● Description of the task: The full listing, exactly as written and with no images, is the expected output.

=== Data extracts ===

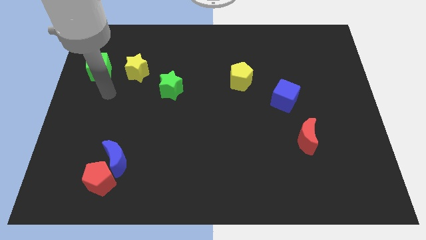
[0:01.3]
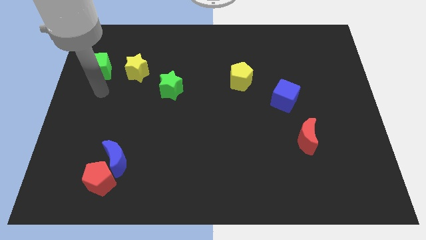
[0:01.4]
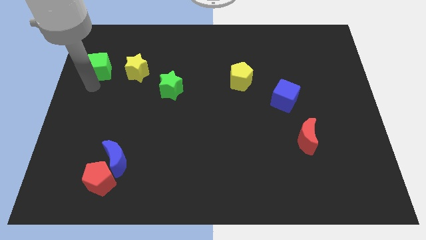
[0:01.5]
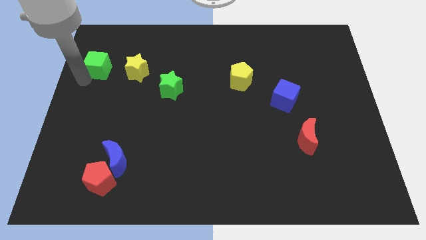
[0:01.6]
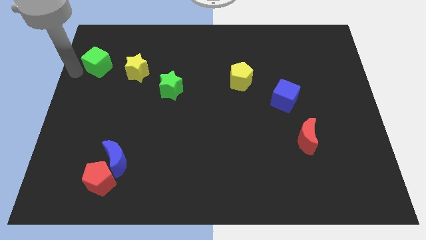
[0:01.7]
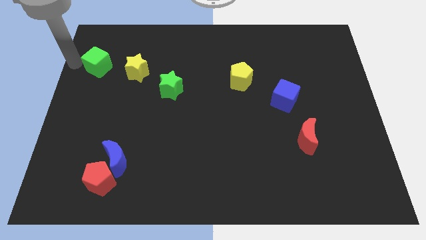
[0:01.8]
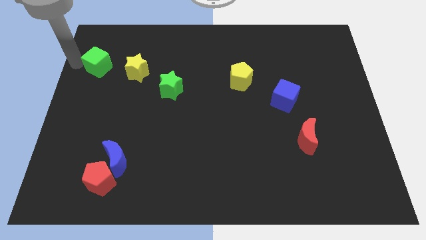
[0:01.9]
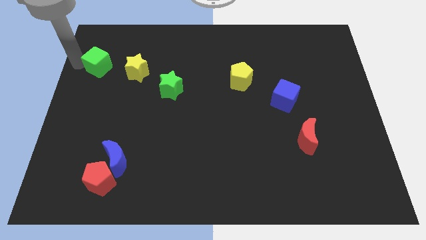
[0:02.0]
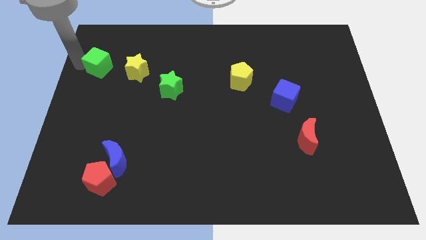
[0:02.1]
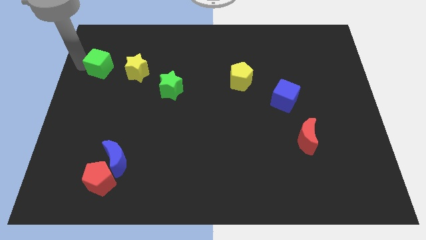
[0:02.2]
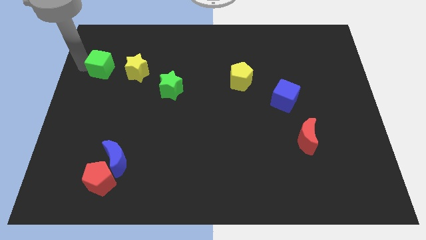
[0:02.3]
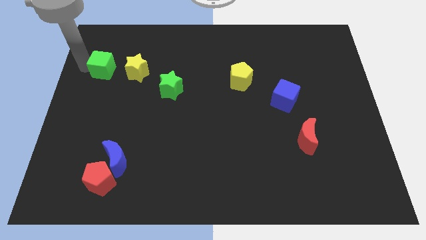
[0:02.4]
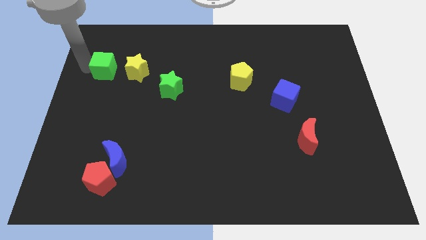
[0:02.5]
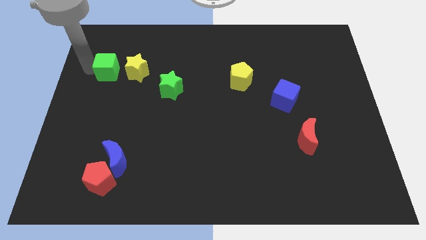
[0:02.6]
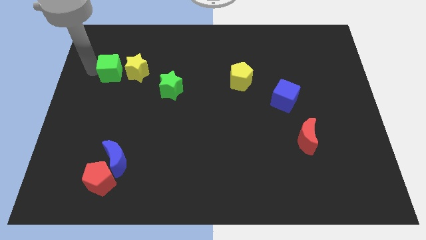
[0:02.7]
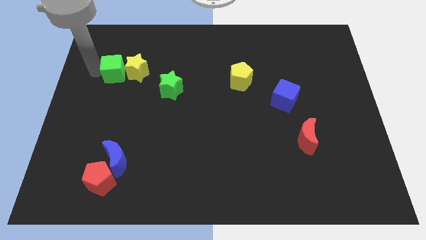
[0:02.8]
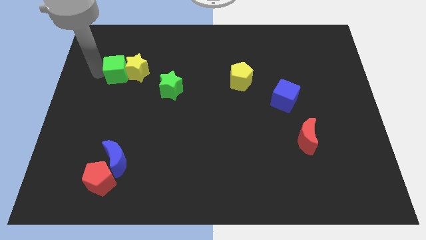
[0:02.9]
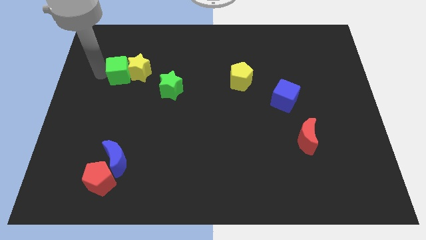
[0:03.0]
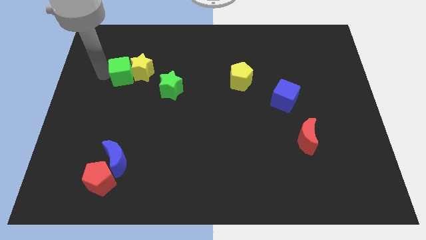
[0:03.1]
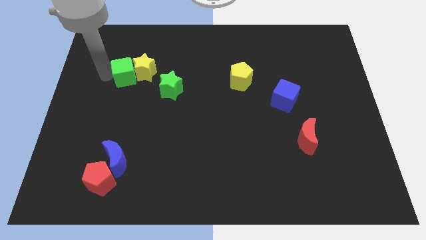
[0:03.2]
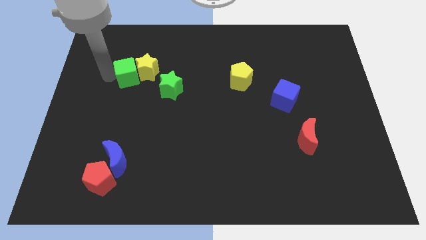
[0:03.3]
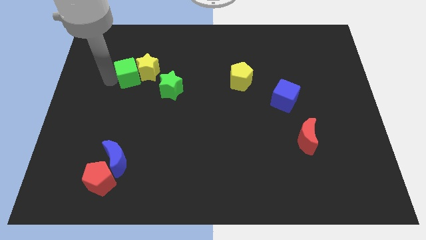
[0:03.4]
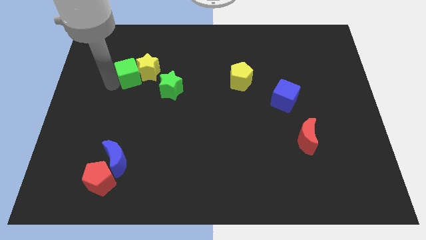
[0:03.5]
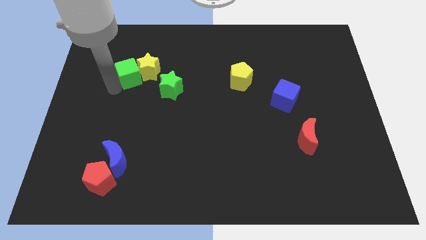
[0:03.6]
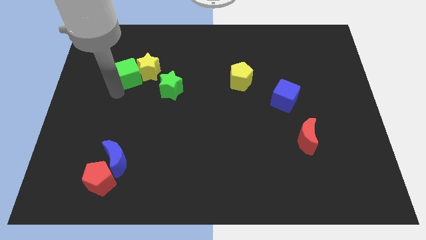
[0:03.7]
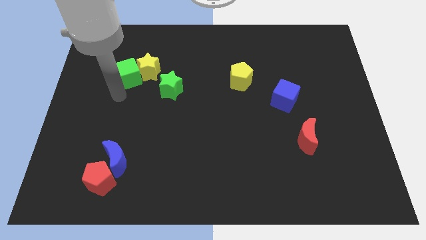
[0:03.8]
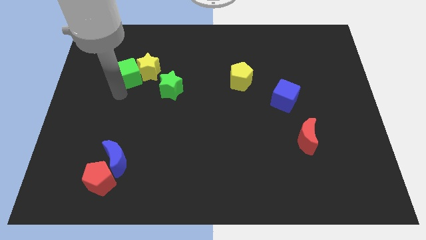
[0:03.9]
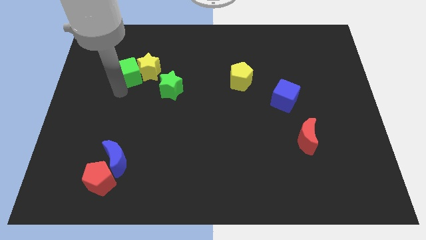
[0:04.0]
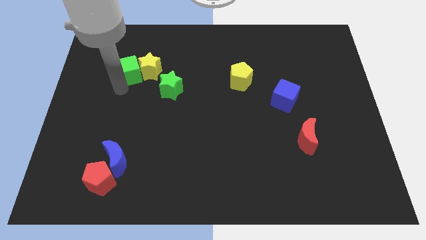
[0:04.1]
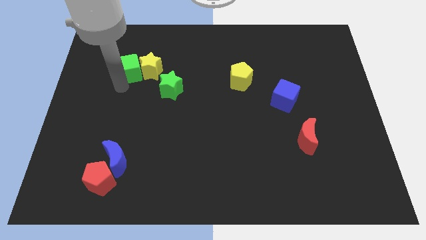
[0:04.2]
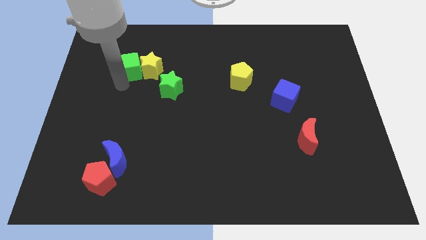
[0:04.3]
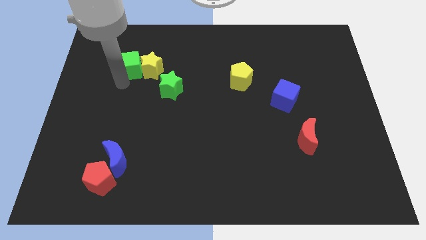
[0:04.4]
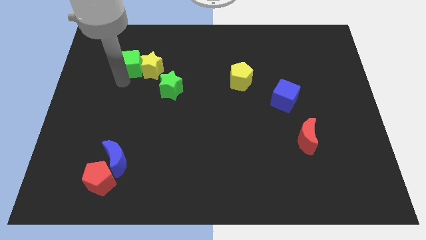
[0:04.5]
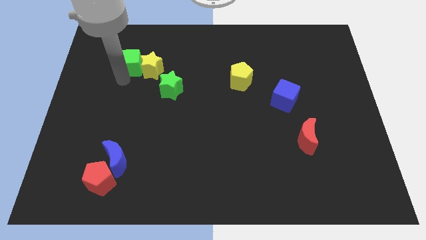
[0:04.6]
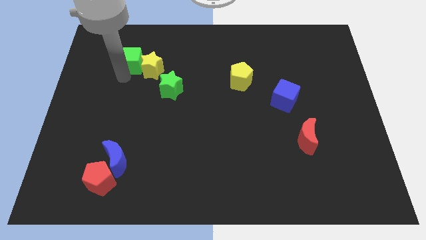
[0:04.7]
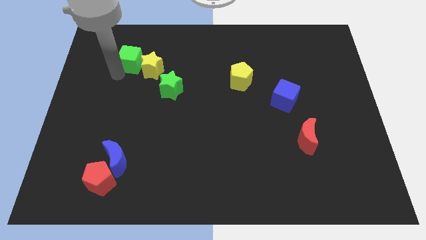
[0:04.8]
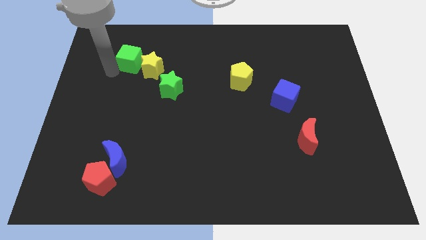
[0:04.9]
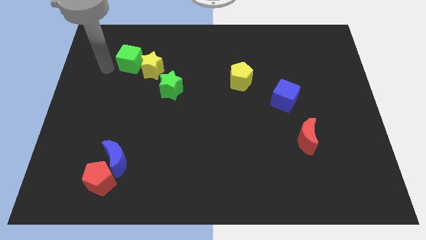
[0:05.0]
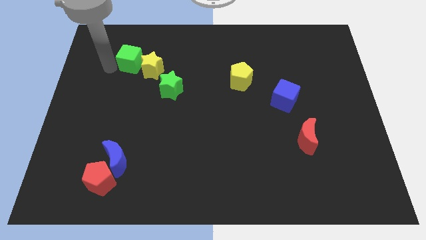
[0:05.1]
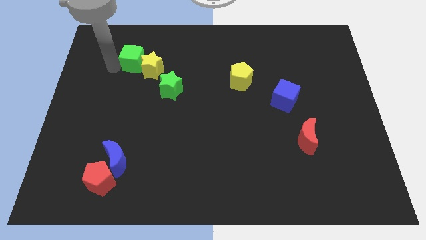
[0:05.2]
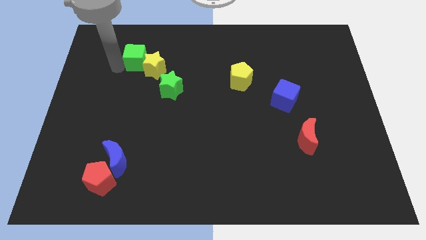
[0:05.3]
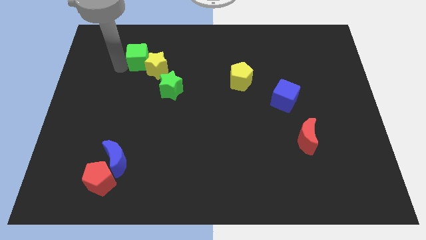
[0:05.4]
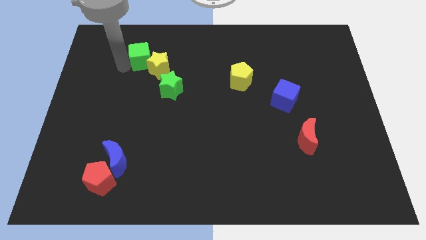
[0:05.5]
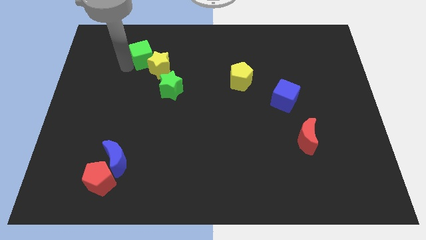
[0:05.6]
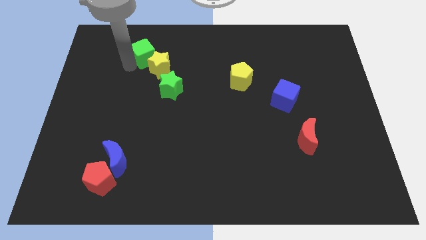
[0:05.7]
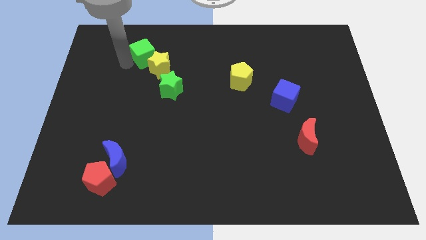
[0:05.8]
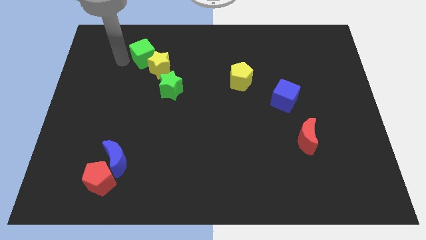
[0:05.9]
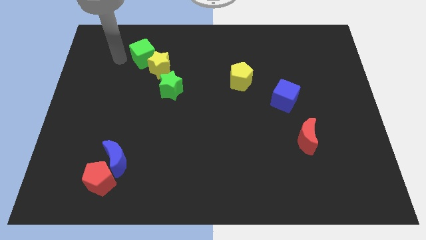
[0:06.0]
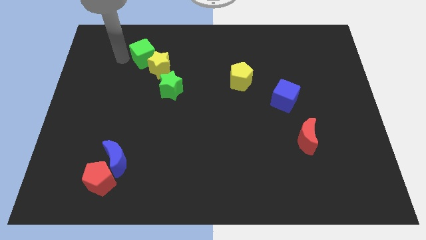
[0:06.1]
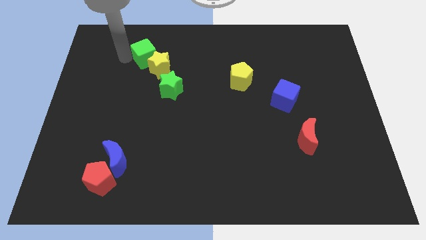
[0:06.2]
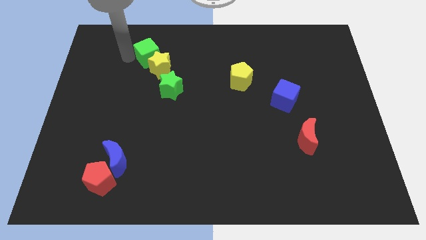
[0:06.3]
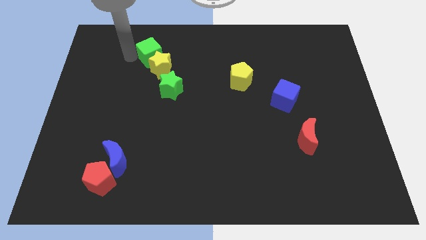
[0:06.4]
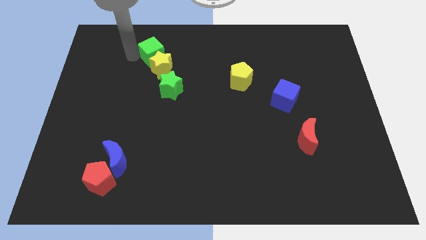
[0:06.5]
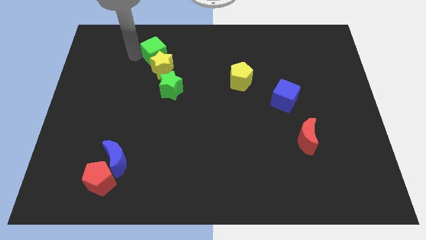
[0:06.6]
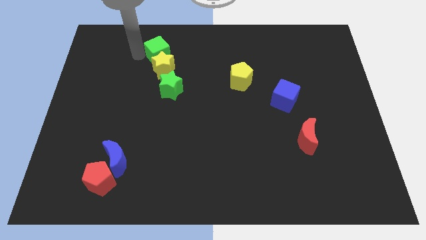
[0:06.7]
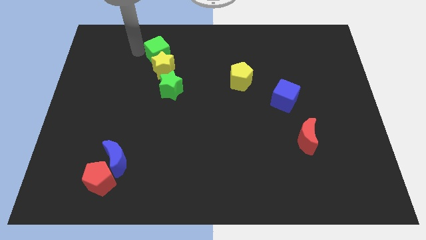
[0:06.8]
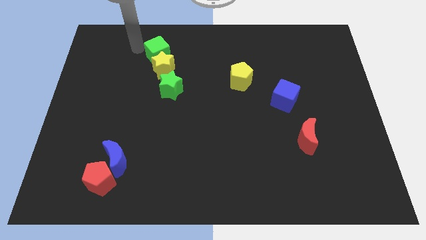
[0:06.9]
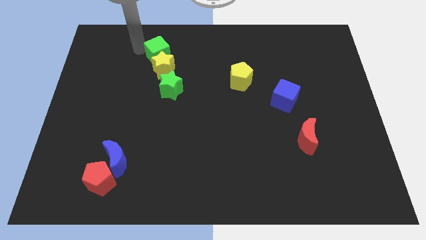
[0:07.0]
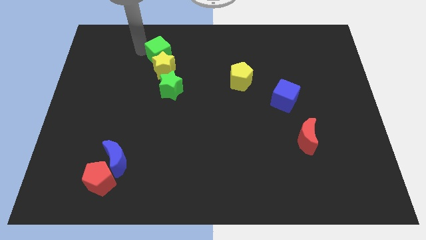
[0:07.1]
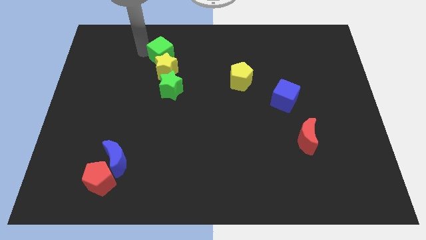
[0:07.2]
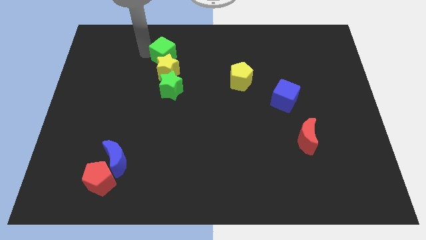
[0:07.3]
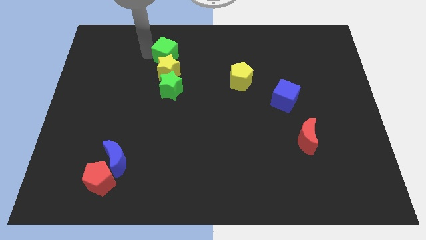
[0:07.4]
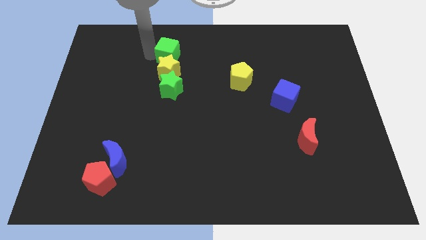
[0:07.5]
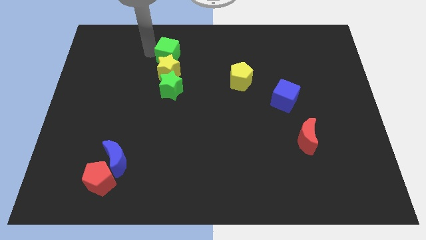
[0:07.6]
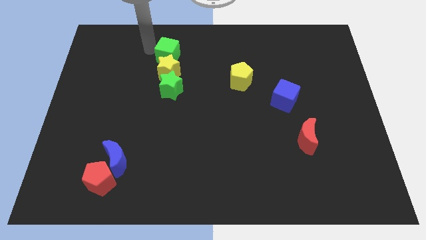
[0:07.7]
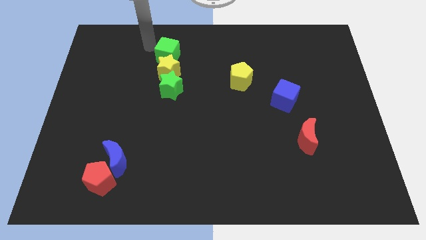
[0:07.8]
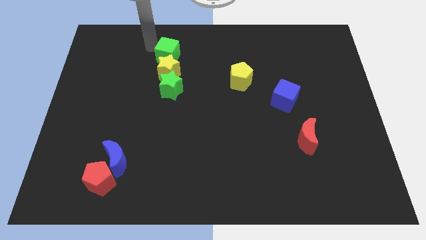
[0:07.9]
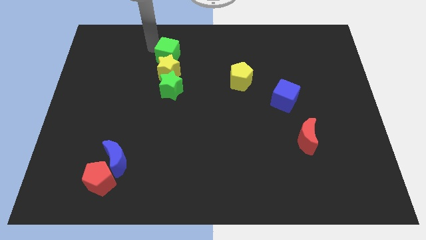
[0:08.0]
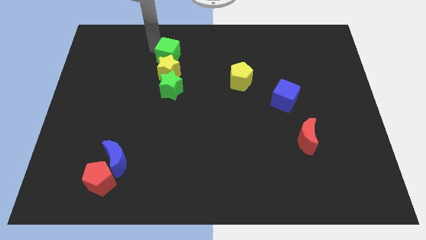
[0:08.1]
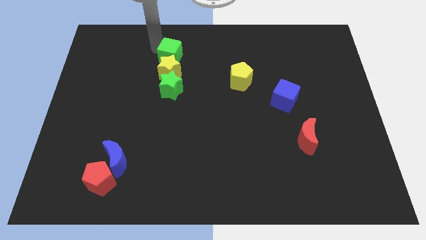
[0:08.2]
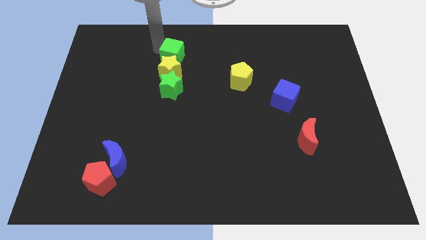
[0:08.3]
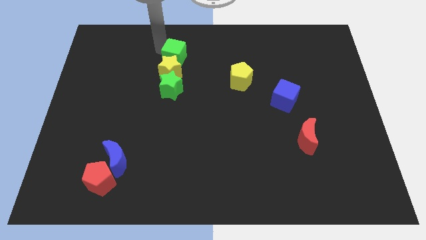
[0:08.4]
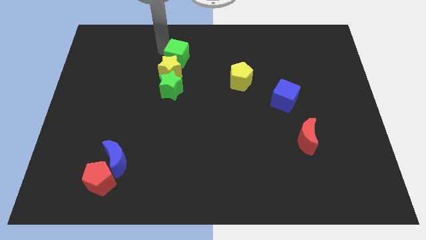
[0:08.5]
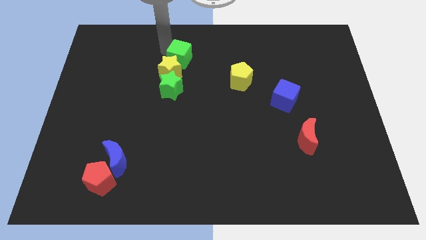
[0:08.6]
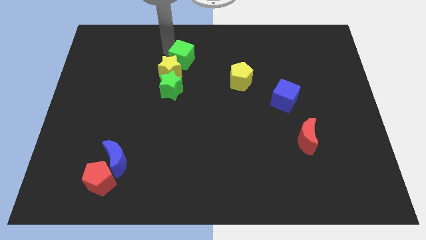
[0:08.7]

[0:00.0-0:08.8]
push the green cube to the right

===

● Output for this exercise:
[0:01.3]
[0:01.4]
[0:01.5]
[0:01.6]
[0:01.7]
[0:01.8]
[0:01.9]
[0:02.0]
[0:02.1]
[0:02.2]
[0:02.3]
[0:02.4]
[0:02.5]
[0:02.6]
[0:02.7]
[0:02.8]
[0:02.9]
[0:03.0]
[0:03.1]
[0:03.2]
[0:03.3]
[0:03.4]
[0:03.5]
[0:03.6]
[0:03.7]
[0:03.8]
[0:03.9]
[0:04.0]
[0:04.1]
[0:04.2]
[0:04.3]
[0:04.4]
[0:04.5]
[0:04.6]
[0:04.7]
[0:04.8]
[0:04.9]
[0:05.0]
[0:05.1]
[0:05.2]
[0:05.3]
[0:05.4]
[0:05.5]
[0:05.6]
[0:05.7]
[0:05.8]
[0:05.9]
[0:06.0]
[0:06.1]
[0:06.2]
[0:06.3]
[0:06.4]
[0:06.5]
[0:06.6]
[0:06.7]
[0:06.8]
[0:06.9]
[0:07.0]
[0:07.1]
[0:07.2]
[0:07.3]
[0:07.4]
[0:07.5]
[0:07.6]
[0:07.7]
[0:07.8]
[0:07.9]
[0:08.0]
[0:08.1]
[0:08.2]
[0:08.3]
[0:08.4]
[0:08.5]
[0:08.6]
[0:08.7]

[0:00.0-0:08.8]
push the green cube to the right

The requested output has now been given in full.